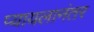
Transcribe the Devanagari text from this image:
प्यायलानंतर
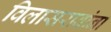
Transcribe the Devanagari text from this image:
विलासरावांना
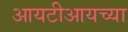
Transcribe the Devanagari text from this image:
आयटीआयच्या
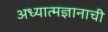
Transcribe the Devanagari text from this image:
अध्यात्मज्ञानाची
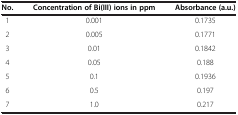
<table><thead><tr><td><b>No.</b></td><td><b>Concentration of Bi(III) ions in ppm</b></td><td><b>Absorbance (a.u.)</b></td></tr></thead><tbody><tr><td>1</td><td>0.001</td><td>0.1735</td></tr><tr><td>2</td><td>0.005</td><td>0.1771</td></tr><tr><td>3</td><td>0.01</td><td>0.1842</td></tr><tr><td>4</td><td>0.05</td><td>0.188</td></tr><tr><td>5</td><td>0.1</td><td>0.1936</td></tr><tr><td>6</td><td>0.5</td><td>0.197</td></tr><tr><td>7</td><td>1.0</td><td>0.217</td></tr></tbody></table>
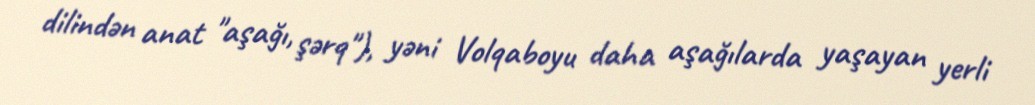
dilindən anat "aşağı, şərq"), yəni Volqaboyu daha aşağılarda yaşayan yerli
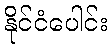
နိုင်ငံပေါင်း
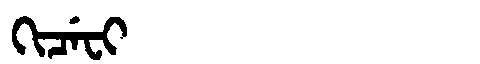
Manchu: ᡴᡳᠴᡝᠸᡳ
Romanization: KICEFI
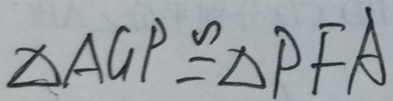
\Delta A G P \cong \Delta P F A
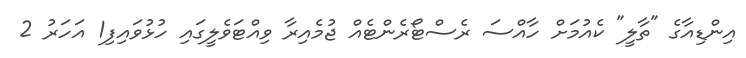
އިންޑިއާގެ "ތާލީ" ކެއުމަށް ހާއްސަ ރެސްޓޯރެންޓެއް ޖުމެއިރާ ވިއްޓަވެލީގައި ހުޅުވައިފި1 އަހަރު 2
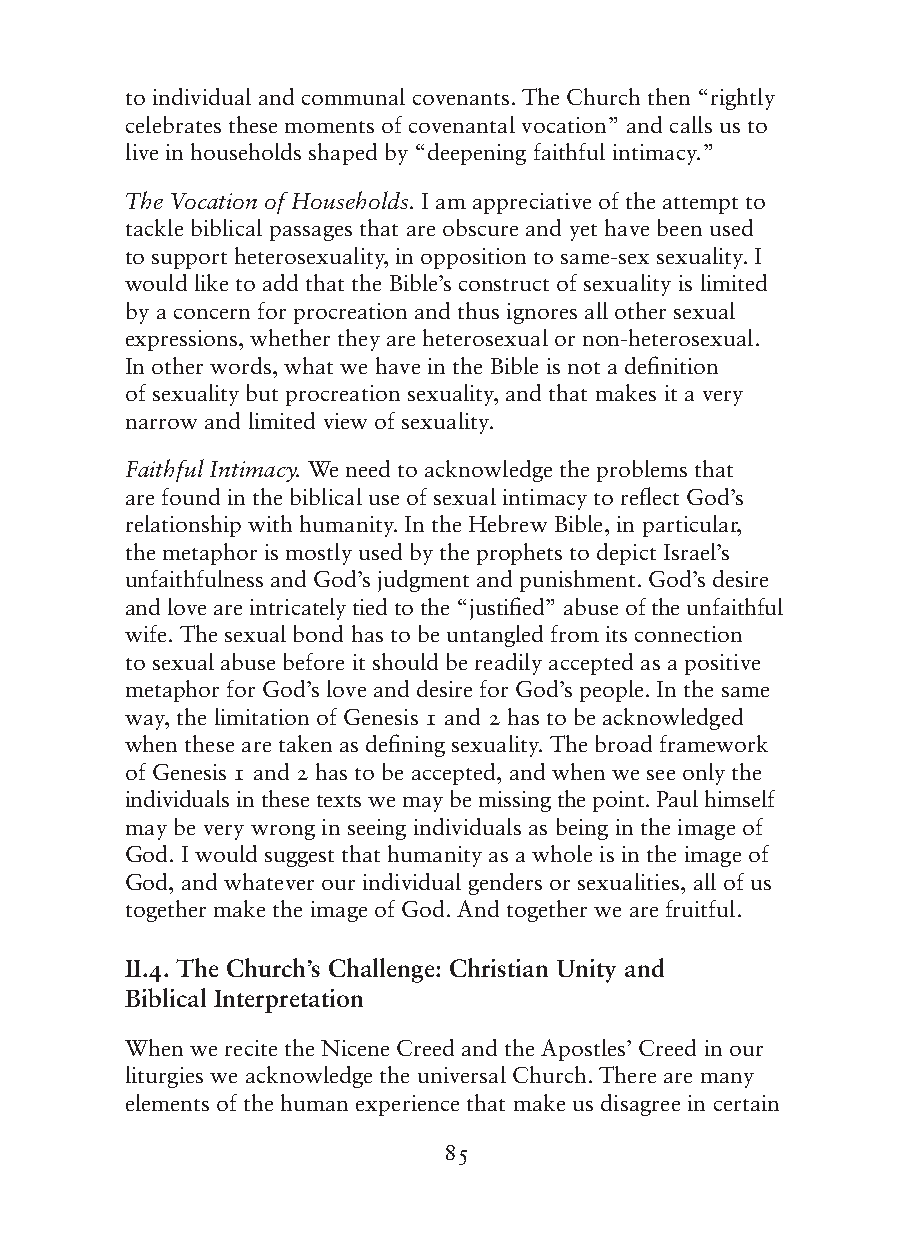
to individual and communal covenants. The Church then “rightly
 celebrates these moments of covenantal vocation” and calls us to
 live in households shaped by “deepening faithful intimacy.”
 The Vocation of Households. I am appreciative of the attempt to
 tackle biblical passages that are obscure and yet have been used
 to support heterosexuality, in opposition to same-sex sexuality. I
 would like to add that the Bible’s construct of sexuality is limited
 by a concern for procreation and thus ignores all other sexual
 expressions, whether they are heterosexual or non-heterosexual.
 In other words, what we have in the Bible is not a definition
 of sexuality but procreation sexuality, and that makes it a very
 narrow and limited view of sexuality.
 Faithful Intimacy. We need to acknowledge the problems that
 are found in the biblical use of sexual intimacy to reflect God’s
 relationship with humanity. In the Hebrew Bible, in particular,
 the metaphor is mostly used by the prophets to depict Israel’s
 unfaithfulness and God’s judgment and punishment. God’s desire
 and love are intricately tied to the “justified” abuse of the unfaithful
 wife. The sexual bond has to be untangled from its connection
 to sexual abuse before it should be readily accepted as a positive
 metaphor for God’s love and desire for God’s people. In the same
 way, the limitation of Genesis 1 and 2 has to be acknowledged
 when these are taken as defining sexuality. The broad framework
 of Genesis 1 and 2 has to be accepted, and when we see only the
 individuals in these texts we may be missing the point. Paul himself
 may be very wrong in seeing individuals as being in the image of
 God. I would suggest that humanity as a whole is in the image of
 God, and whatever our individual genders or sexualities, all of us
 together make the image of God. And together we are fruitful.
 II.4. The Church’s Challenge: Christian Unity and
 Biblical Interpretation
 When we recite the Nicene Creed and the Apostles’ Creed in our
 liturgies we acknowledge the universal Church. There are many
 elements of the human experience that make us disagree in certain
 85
--------
- _EXERCISE DETAILS_: Output the data above without changes, apart from leaving out the pictures.

- _YOUR RESPONSE_:
Transcribe the Devanagari text from this image:
प्यायलानंतर
Transcribe the Devanagari text from this image:
विलासरावांना
Transcribe the Devanagari text from this image:
आयटीआयच्या
Transcribe the Devanagari text from this image:
अध्यात्मज्ञानाची
<table><thead><tr><td><b>No.</b></td><td><b>Concentration of Bi(III) ions in ppm</b></td><td><b>Absorbance (a.u.)</b></td></tr></thead><tbody><tr><td>1</td><td>0.001</td><td>0.1735</td></tr><tr><td>2</td><td>0.005</td><td>0.1771</td></tr><tr><td>3</td><td>0.01</td><td>0.1842</td></tr><tr><td>4</td><td>0.05</td><td>0.188</td></tr><tr><td>5</td><td>0.1</td><td>0.1936</td></tr><tr><td>6</td><td>0.5</td><td>0.197</td></tr><tr><td>7</td><td>1.0</td><td>0.217</td></tr></tbody></table>
dilindən anat "aşağı, şərq"), yəni Volqaboyu daha aşağılarda yaşayan yerli
နိုင်ငံပေါင်း
Manchu: ᡴᡳᠴᡝᠸᡳ
Romanization: KICEFI
\Delta A G P \cong \Delta P F A
އިންޑިއާގެ "ތާލީ" ކެއުމަށް ހާއްސަ ރެސްޓޯރެންޓެއް ޖުމެއިރާ ވިއްޓަވެލީގައި ހުޅުވައިފި1 އަހަރު 2
to individual and communal covenants. The Church then “rightly
 celebrates these moments of covenantal vocation” and calls us to
 live in households shaped by “deepening faithful intimacy.”
 The Vocation of Households. I am appreciative of the attempt to
 tackle biblical passages that are obscure and yet have been used
 to support heterosexuality, in opposition to same-sex sexuality. I
 would like to add that the Bible’s construct of sexuality is limited
 by a concern for procreation and thus ignores all other sexual
 expressions, whether they are heterosexual or non-heterosexual.
 In other words, what we have in the Bible is not a definition
 of sexuality but procreation sexuality, and that makes it a very
 narrow and limited view of sexuality.
 Faithful Intimacy. We need to acknowledge the problems that
 are found in the biblical use of sexual intimacy to reflect God’s
 relationship with humanity. In the Hebrew Bible, in particular,
 the metaphor is mostly used by the prophets to depict Israel’s
 unfaithfulness and God’s judgment and punishment. God’s desire
 and love are intricately tied to the “justified” abuse of the unfaithful
 wife. The sexual bond has to be untangled from its connection
 to sexual abuse before it should be readily accepted as a positive
 metaphor for God’s love and desire for God’s people. In the same
 way, the limitation of Genesis 1 and 2 has to be acknowledged
 when these are taken as defining sexuality. The broad framework
 of Genesis 1 and 2 has to be accepted, and when we see only the
 individuals in these texts we may be missing the point. Paul himself
 may be very wrong in seeing individuals as being in the image of
 God. I would suggest that humanity as a whole is in the image of
 God, and whatever our individual genders or sexualities, all of us
 together make the image of God. And together we are fruitful.
 II.4. The Church’s Challenge: Christian Unity and
 Biblical Interpretation
 When we recite the Nicene Creed and the Apostles’ Creed in our
 liturgies we acknowledge the universal Church. There are many
 elements of the human experience that make us disagree in certain
 85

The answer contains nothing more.